Note also that with my tanks the installer drilled my probes such that my 1/3 probe is a "not empty" light and comes on almost immediately. The 2/3 light is about 1/2 and the "Full" light is actually 3/4 to 7/8 full or so.
Quick cheap insurance and a good method. If you haven't tried the "Geo Method", try it. Google it. Some guy came up with this and LOTS of people have been using this method for a while now with excellent results. Opposed to the chemical, use 1 cup laundry detergent, 2 cups water softener mixed in 1 gallon of hot water. Dump in tank. Water softener keeps ANYTHING from sticking to sensors or tank walls, detergent cleans tank. Haven't used chemicals since, never had a sensor malfunction either. Try it. You'll be surprised. Used to after returning home, it'd take 3 flushes of the tank to get clear water, now, dump it once, second flush is clear as nothing has stuck to the tank. Remember, this replaces the chemical you normally would use. Just figured I'd throw this out there.
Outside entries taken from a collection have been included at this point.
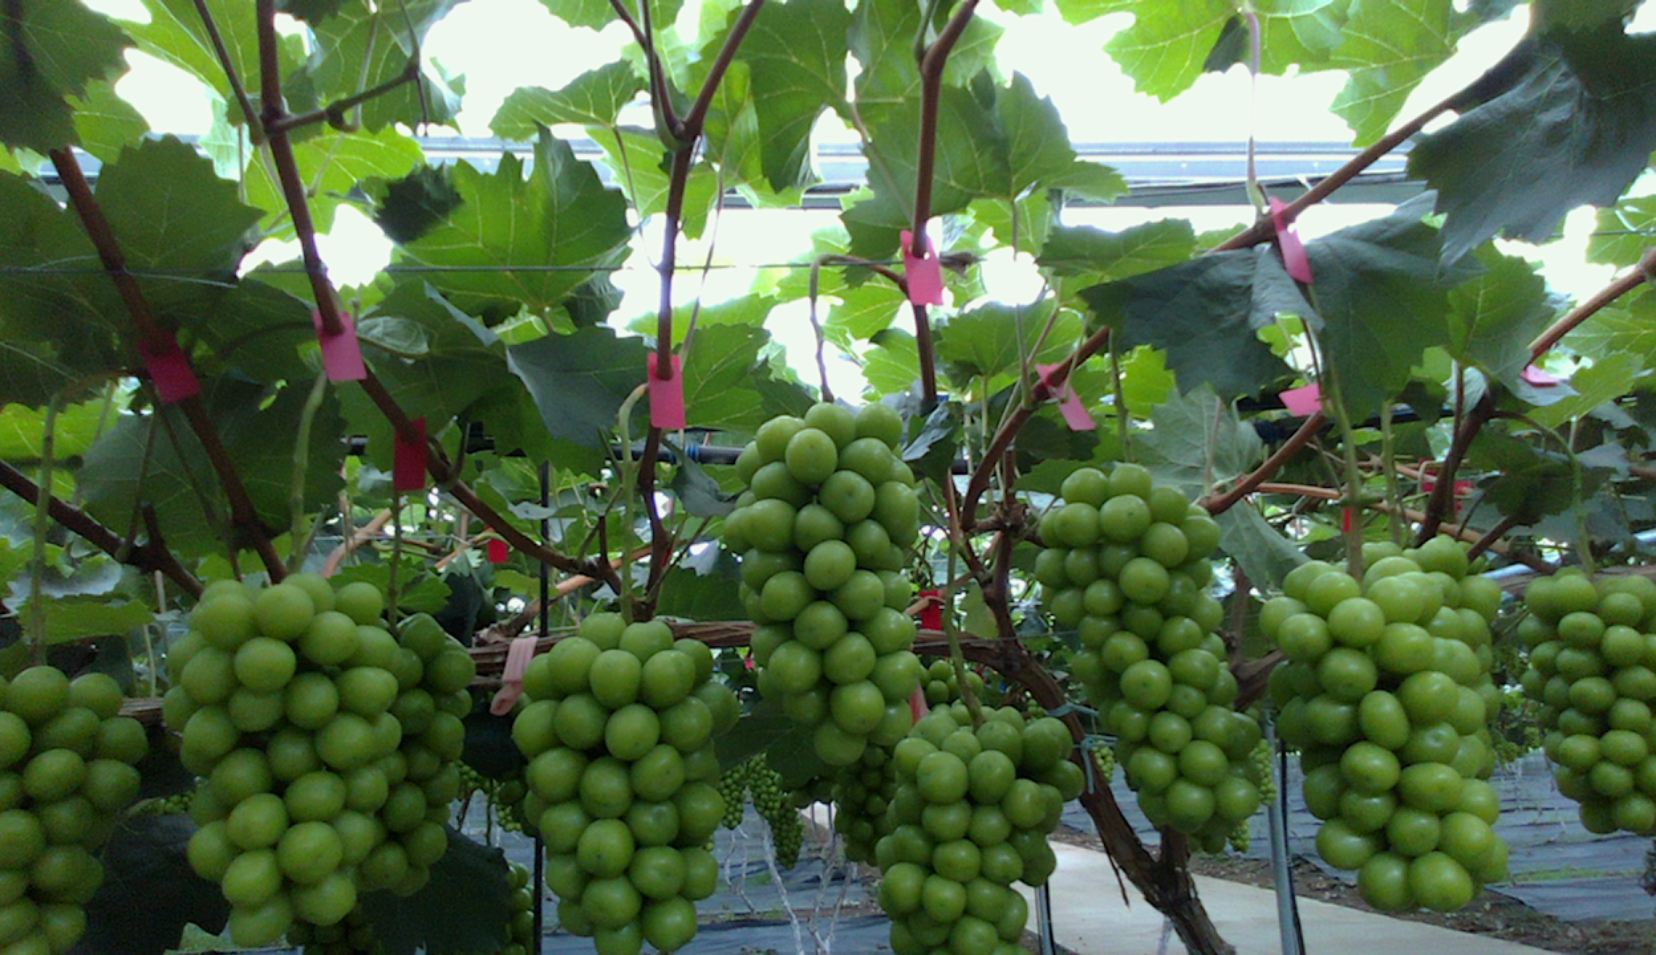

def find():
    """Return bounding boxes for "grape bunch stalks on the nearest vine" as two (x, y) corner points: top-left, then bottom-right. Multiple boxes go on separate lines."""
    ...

(1308, 288), (1381, 584)
(289, 369), (326, 570)
(618, 385), (644, 625)
(387, 493), (401, 637)
(1108, 334), (1135, 462)
(943, 467), (986, 731)
(29, 369), (127, 666)
(808, 251), (859, 402)
(1501, 413), (1596, 578)
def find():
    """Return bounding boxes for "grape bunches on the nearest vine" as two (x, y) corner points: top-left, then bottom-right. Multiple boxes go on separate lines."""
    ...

__________________ John and Rebecca Dickson Emma-7 / Little John-5 / Iva-1 Full Timing Again, Rev B
2013 Ford F-350 Lariat CC LB PSD
2015 SOB TT - With OC's Awning Poles (#8) At least in Heaven, RVs will be perfect, and I won't have to keep fixing them.
The geo method works for me and that is all that I have used. I do add a little more water with the Calgon water softner and use power laundry detergent mixed in water also. I add them after I dump and are ready to get on the road. I like the idea
of no chemicals but I do wonder what is in the Calgon water softner?